Pemuda itu menjelaskan kepada ibunya, "Aku diperintahkan oleh guruku
untuk bekerja seperti pekerjaan ayahku tanpa meninggalkan kejujuran dan
ketakwaan kepada Allah dalam bekerja."
"Hai, Anakku! Apakah dalam mencuri ada ketakwaan?" sela ibunya.
Anaknya menjawab dengan keluguannya, "Ya, begitulah kata guruku."
Ia pun belajar bagaimana menjalankan profesi sebagai pencuri. Ketika
ilmu teknik mencuri yang didalaminya sudah cukup. Ia pun memutuskan
untuk beraksi melaksanakan perintah sang guru.
Seusai shalat
Isya' dan semua orang tertidur lelap, ia pun keluar rumah untuk
menjalankan aksi perdananya. Ia selalu ingat pesan gurunya untuk membawa
kejujuran dan ketakwaan saat bekerja.
Rumah yang diincar
pertama kali adalah yang terdekat dengan rumahnya, yaitu rumah
tetangganya sendiri. Namun, ia ingat bahwa mengganggu tetangga bukanlah
pekerjaan takwa. Kemudian ia urungkan niatnya untuk mencuri di rumah
tetangganya.
Begitu pula, ketika hendak mencuri di rumah anak
yatim, ia berpikir, "Allah memperingatkan untuk tidak memakan harta anak
yatim." Ia pun pergi mencari rumah berikutnya.
Sambil
berjalan, ia merenung, ternyata tidak mudah untuk menjadi pencuri yang
bertakwa. Bagaimana pun juga mengambil harta orang lain tidak
diperbolehkan agama. Akan tetapi, perintah sang guru harus dilaksanakan.
Tidak boleh berputus asa!
Langkahnya terhenti di sebuah rumah
besar nan megah. Konon pemilik rumah itu terkenal memiliki harta
berlimpah melebihi kebutuhannya. Dengan keterbatasan ilmunya, ia
beranggapan bahwa tidak mengapa jika mengambil zakat dari kekayaan orang
tersebut. Toh, bagian zakat itu bukan hak si empunya kekayaan, tetapi
hak orang miskin.
Tekad yang bulat mendorongnya untuk masuk ke
dalam rumah besar yang tidak berpenjaga tersebut. Satu per satu kamar
ia selidiki untuk menemukan tempat penyimpanan harta.

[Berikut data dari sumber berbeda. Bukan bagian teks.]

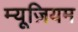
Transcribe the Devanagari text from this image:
म्‍यूज़ियम
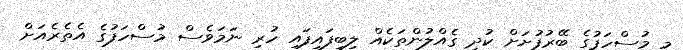
މި މުސްހަފުގެ ބޭރުފުށަށް ކުދި ގެއްލުންތަކެއް ލިބިފައިފައި ހުރި ނަމަވެސް މުސްހަފުގެ އެތެރެއަށް
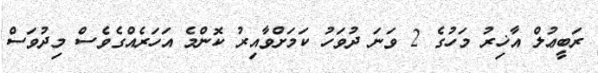
ރަބީޢުލް އާޚިރު މަހުގެ 2 ވަނަ ދުވަހު ކަމަށްވާއިރު ކޮންމެ އަހަރެއްގެވެސް މިދުވަސް
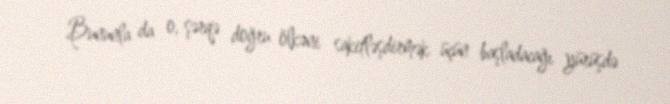
Bununla da o, şərqə doğru ölkəni sakitləşdirmək üçün başladacağı yürüşdə
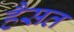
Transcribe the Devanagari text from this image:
हैसत
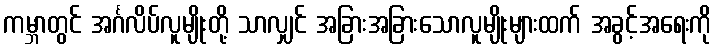
ကမ္ဘာတွင် အင်္ဂလိပ်လူမျိုးတို့ သာလျှင် အခြားအခြားသောလူမျိုးများထက် အခွင့်အရေးကို
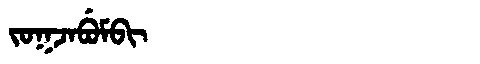
Manchu: ᠵᠣᡴᠵᠠᠪᡠᠮᠪᡳ
Romanization: JOKJABUMBI
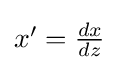
{\textstyle x^{\prime }={dx \over dz}}
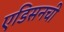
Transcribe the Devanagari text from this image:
एडिसनची
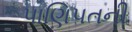
પાણિપતની
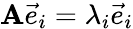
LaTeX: \mathbf{A}{\vec{{e}}}_{i}=\lambda_{i}{\vec{{e}}}_{i}
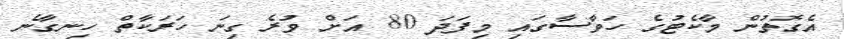
އެގޮތުން މާކެޓުގެ ހަވާސާގައި މިފަދަ 80 އަށް ވުރެ ގިނަ ހަރަކާތް ހިނގާނެ
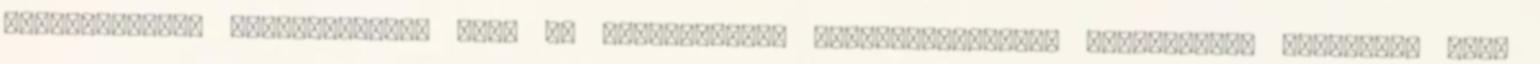
előírásoknak. Elképzelhető, hogy az önkormányzat rendelkezéseivel ellentétben üzemelnek azok
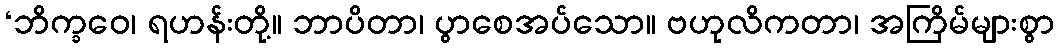
‘ဘိက္ခဝေ၊ ရဟန်းတို့။ ဘာပိတာ၊ ပွာစေအပ်သော။ ဗဟုလိကတာ၊ အကြိမ်များစွာ
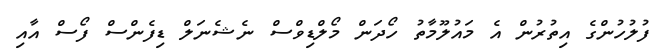
ފުލުހުންގެ އިތުރުން އެ މައުލޫމާތު ހޯދަން މޯލްޑިވްސް ނެޝެނަލް ޑިފެންސް ފޯސް އާއި
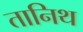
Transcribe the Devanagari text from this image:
तानिथ
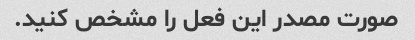
صورت مصدر این فعل را مشخص کنید.
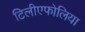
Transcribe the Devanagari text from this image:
टिलीएफोलिया
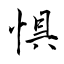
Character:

Akhirnya, ia sampai di sebuah kamar besar dan didapatinya sebuah kotak
besar berisi emas, perak, dan uang tunai. Ia kumpulkan buku-buku catatan
yang berisi laporan keuangan si pedagang kaya tersebut. Dengan lentera
kecil yang dibawanya, ia mulai menghitung zakat yang harus dikeluarkan
oleh orang kaya itu.
Keahlian dalam hal keuangan, pembukuan,
dan pembagian harta ia kerahkan di sana. Dikarenakan begitu banyaknya
perhitungan yang harus diselesaikan, ia pun lupa waktu. Fajar sudah
menyingsing pertanda tiba waktu shalat Subuh.
Sang tuan rumah
pun telah bangun dari lelapnya untuk melaksanakan shalat Subuh. Alangkah
terkejutnya ketika kamar tempat penyimpanan hartanya telah terbuka.

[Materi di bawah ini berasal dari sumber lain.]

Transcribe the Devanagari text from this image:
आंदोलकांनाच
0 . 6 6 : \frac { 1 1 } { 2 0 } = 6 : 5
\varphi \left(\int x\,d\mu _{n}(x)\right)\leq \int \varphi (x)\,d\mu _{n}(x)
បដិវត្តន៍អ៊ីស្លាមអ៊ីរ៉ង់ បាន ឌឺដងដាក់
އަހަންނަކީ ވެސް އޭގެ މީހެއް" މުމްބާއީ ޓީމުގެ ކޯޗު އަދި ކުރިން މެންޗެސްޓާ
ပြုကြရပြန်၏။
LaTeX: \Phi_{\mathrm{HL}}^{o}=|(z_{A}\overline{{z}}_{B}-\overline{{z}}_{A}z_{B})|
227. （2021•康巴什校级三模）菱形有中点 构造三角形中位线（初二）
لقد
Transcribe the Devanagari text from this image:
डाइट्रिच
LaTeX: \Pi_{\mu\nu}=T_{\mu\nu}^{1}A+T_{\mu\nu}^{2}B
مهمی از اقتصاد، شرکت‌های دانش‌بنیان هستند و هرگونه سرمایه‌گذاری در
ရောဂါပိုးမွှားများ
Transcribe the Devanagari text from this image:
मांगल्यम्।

Apalagi ia mendapati seseorang tengah asyik dengan buku-buku catatannya
di bawah cahaya lentera kecil.
Dengan lantang, si tuan rumah menghardik pemuda tersebut, "Hai! Siapa kau!"

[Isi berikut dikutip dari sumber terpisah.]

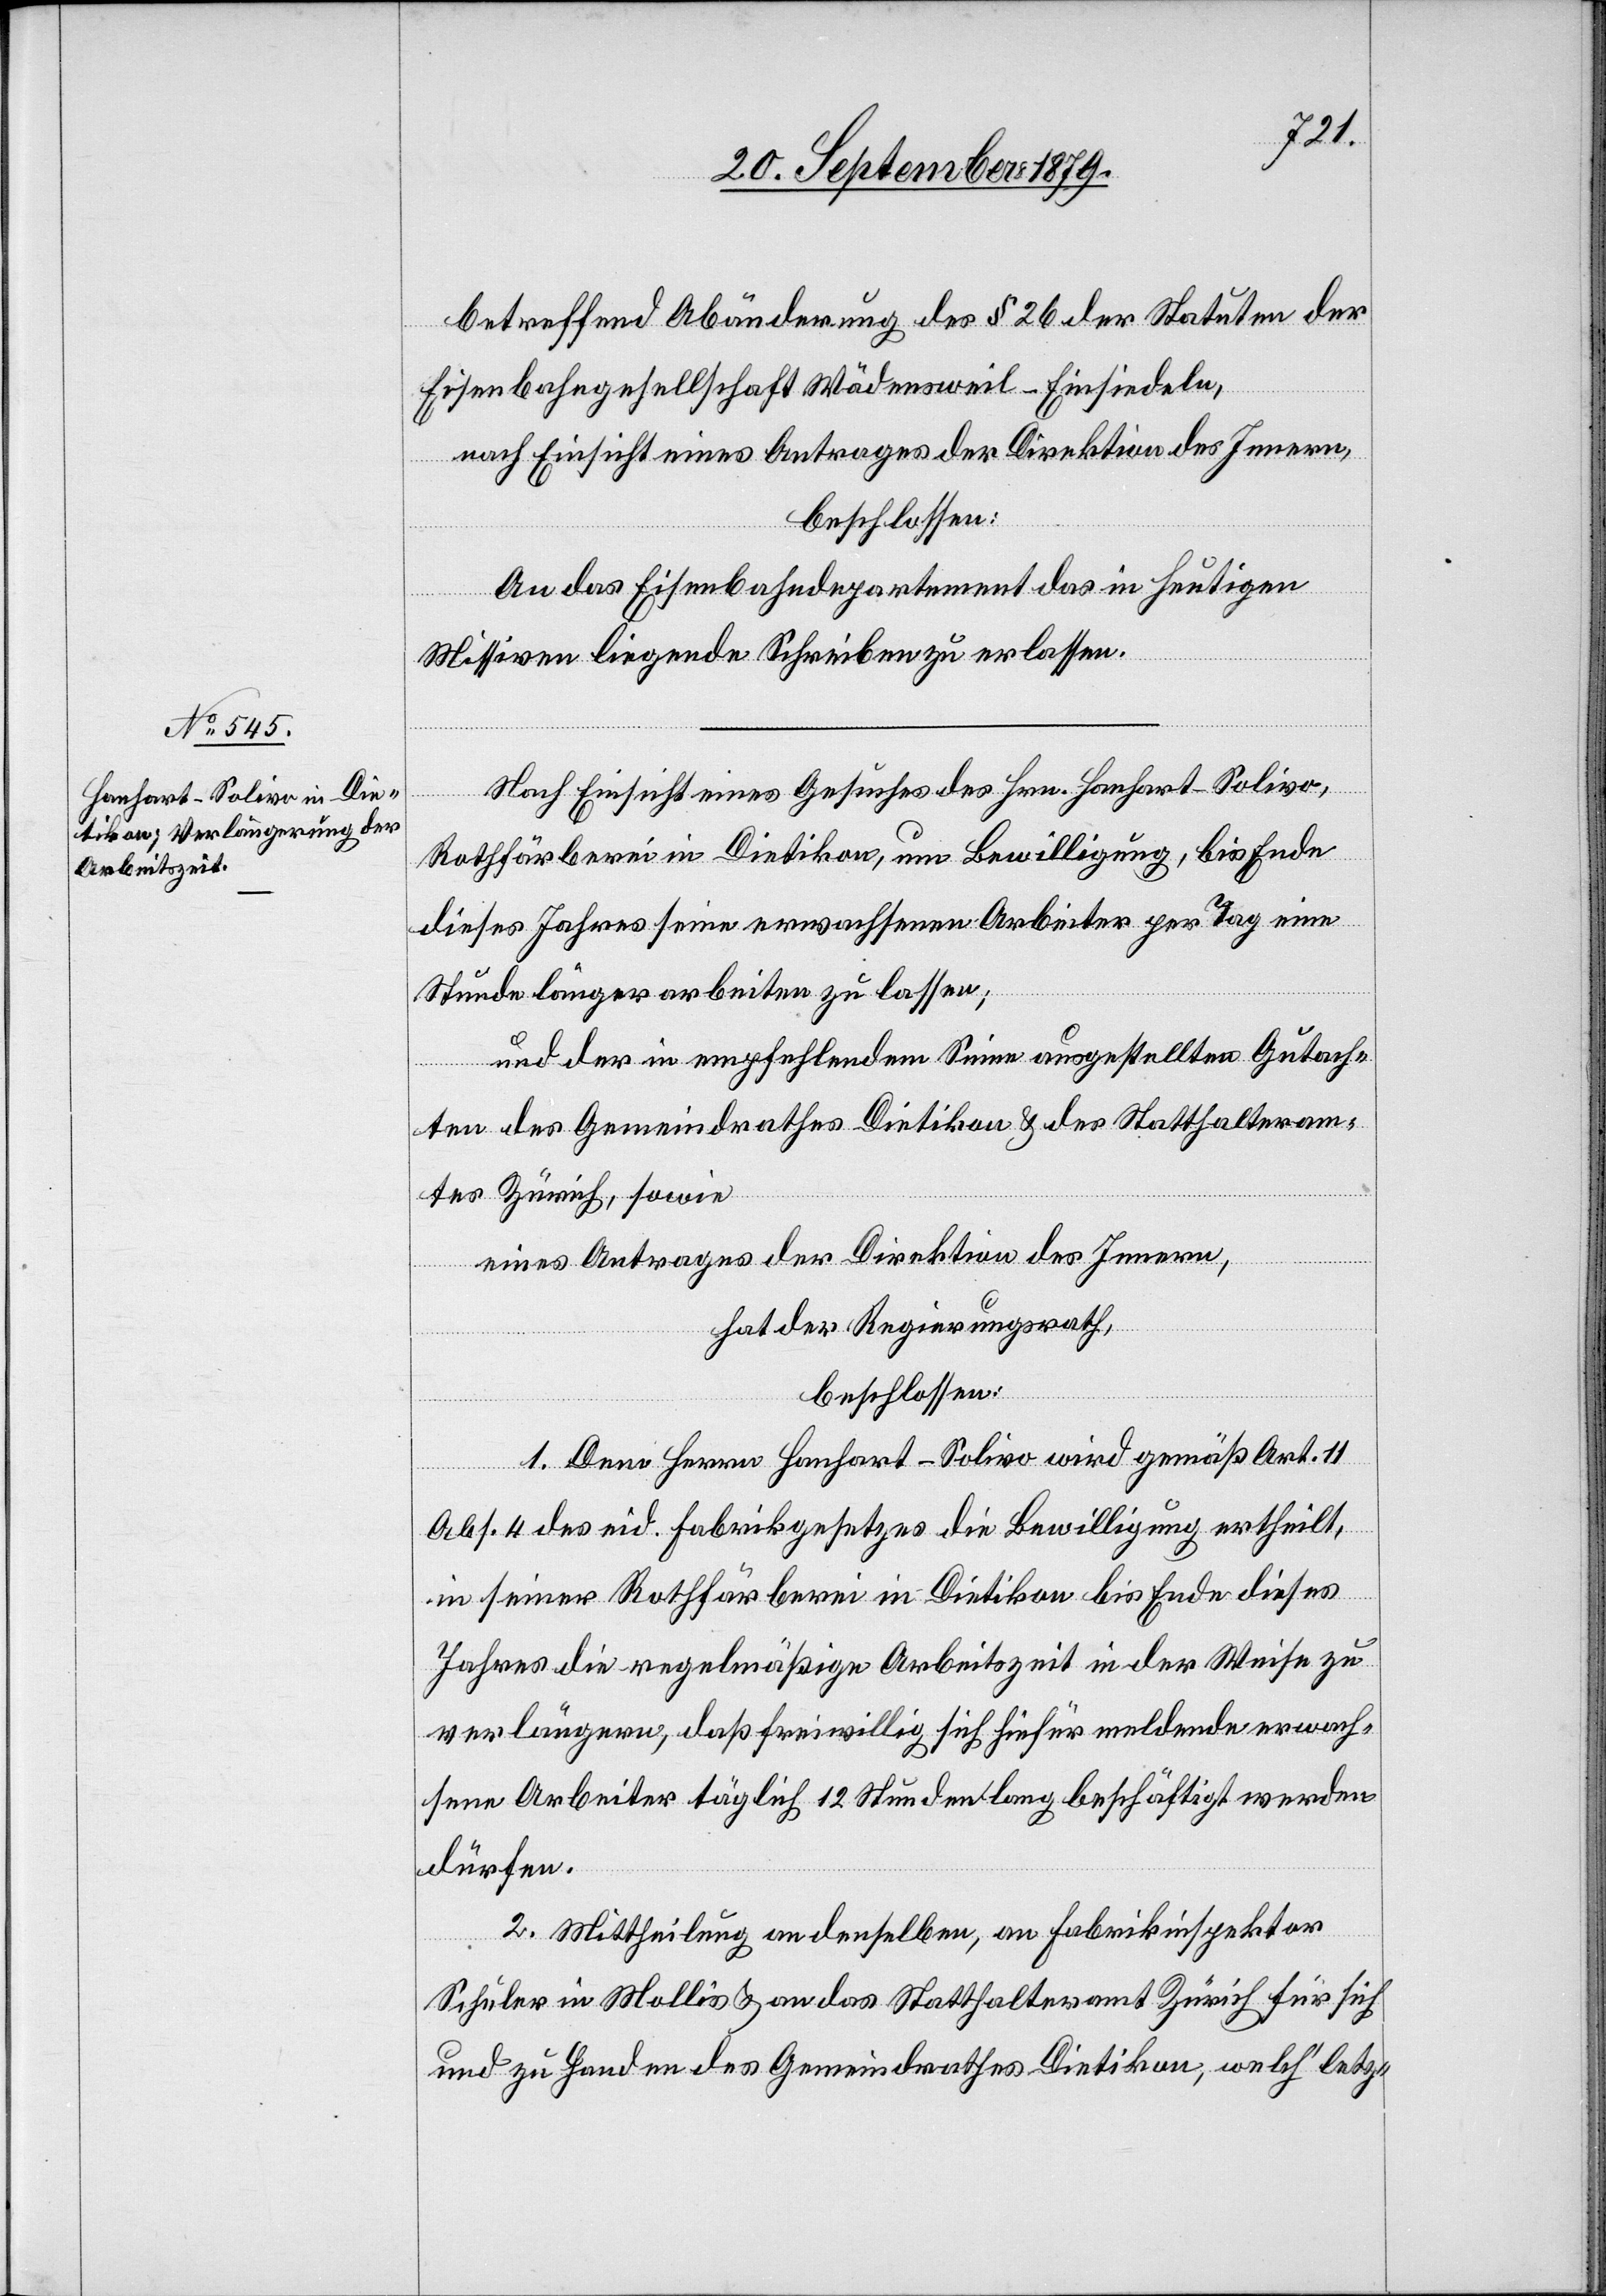
betreffend Abänderung des § 26 der Statuten der
Eisenbahngesellschaft Wädensweil–Einsiedeln,
nach Einsicht eines Antrages der Direktion des Innern,
beschlossen:
An das Eisenbahndepartement das in heutigen
Missiven liegende Schreiben zu erlassen.
Nach Einsicht eines Gesuches des Hrn. Hanhart-Solivo,
Rothfärberei in Dietikon, um Bewilligung, bis Ende
dieses Jahres seine erwachsenen Arbeiter per Tag eine
Stunde länger arbeiten zu lassen;
und der in empfehlenden Sinne ausgestellten Gutach¬
ten des Gemeindrathes Dietikon & des Statthalteram¬
tes Zürich, sowie
eines Antrages der Direktion des Innern,
hat der Regierungsrath,
beschlossen:
1. Dem Herrn Hanhart-Solivo wird gemäß Art. 11
Abs. 4 des eid. Fabrikgesetzes die Bewilligung ertheilt,
in seiner Rothfärberei in Dietikon bis Ende dieses
Jahres die regelmäßige Arbeitszeit in der Weise zu
verlängern, daß freiwillig sich hiefür meldende erwach¬
sene Arbeiter täglich 12 Stunden lang beschäftigt werden
dürfen.
2. Mittheilung an denselben, an Fabrikinspektor
Schuler in Mollis & an das Statthalteramt Zürich für sich
und zu Handen des Gemeindrathes Dietikon, welch’ letz-
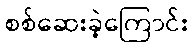
စစ်ဆေးခဲ့ကြောင်း

Sang pemuda terkesiap mendengar teguran tersebut. Saat disadarinya
hari sudah hampir terang, ia bergegas untuk melaksanakan shalat. Ia
berkata kepada si pemilik rumah, "Maaf, akan saya jelaskan nanti. Tapi,
izinkan saya untuk shalat Subuh terlebih dahulu."
Akhirnya,
mereka berdua pun shalat Subuh berjemaah dengan si tuan rumah sebagai
imamnya. Usai shalat, pemuda itu mengaku kepada tuan rumah, "Saya pencuri."
Si tuan rumah makin bertambah keheranannya, "Lantas apa yang kau lakukan dengan buku-buku catatanku?" tanya tuan rumah.
"Aku sedang menghitung zakat yang belum kau keluarkan selama enam
tahun. Ini hasilnya," jawab pemuda itu sambil menyodorkan hasil
perhitungannya.
Ia pun menasihati si tuan rumah tentang
keutamaan zakat. Tiada kemarahan terlihat di wajah si tuan rumah. Ia
malah terkagum-kagum akan kejujuran serta kepandaian dan ketepatan si
pencuri dalam berhitung. Selain itu, ia jadi mengetahui tentang
pentingnya mengeluarkan zakat.
Akhirnya, si tuan rumah
mengangkatnya menjadi sekretaris dan juru hitung pribadinya. Ia pun
menikahkan sang pemuda dengan putrinya. Ibu si pemuda tinggal bersama
mereka. Berkat kejujuran dan ketakwaan yang dibawa sang pemuda dalam
perbuatannya, kebahagiaan mendatangi dirinya dan orang lain.